Hi Dmo, Right. It's an old debate to know whether there is volatility during week ends since earth keeps spinning or only during trading days. The question is just to keep same numbers to stay relevant. There are as many implied volatilities as different models. The most important point is what is daily volatility? Newguy, you wrote an HV at 7,69%. What does it precisely mean an HV at 7,69% ? ( Very interesting thread, keep it going) Maw
The point is the rule written by Dmo is right only for standard deviation. And a standard deviation and a mean absolut deviation are quite different. Hence, you can't compare "IV vs HV vs historical highs/lows, to determine your trade". So, if you talk about a yearly volatility (or yearly implied volatility as we usually do) as a yearly standard deviation, you have to be careful since it's just conventional. It's a number and just a number. 10% daily standard deviation=16*10% yearly standard deviation (I took 256 trading days)=160% yearly standard deviation It doesn't mean neither a stock could go up by a factor 1,6 by the end of the year, nor it could drop down by a factor 1,6 (it would have a negative price). Implied volatility as an implied yearly standard deviation is just an annualized number. A simple rule: daily mean absolut deviation=0,8 daily standard deviation (if returns are lognormally distributed) Hence implied volatility =16*daily implied standard deviation=16*implied daily mean absolut deviation/0,8=20*implied daily mean absolut deviation. Thus, a common 20% implied volatility leads to a 1% implied daily mean absolut deviation. So, "After all isnt that how you use volatility, comparing IV vs HV vs historical highs/lows, to determine your trade." the answer is no. Cheers Maw For fun http://www.leeds.ac.uk/educol/documents/00003759.htm
i got the sd part, but gonna need some starbucks before trying to understand the rest of what you are saying But fyi in IB: under Configure -> Volatility and Analytics -> Volatility Units -> you can change it from Daily (default) to Annual. Then the numbers will match the ivolatility model very closely.
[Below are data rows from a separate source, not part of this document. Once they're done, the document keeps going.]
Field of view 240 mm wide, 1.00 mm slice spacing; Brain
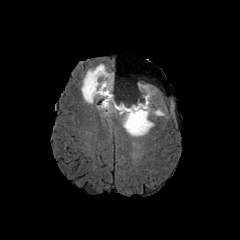
FLAIR MR image.
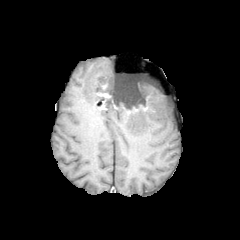
T1-weighted MRI of the same slice.
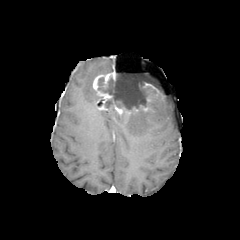
Post-contrast T1-weighted MRI.
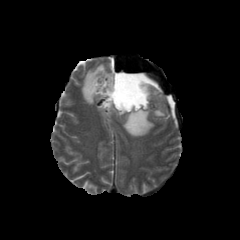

I have looked and looked for the configuration to change the IV display from daily to annualized. What version of TWS are you using? I'm running the latest (885.7) and can't find the menu selections you listed. ***Later*** I looked harder this time and found it under Configure->Misc->Volatility Units Never woulda thought to look under miscellaneous. Having IV displayed daily has been driving me crazy for months.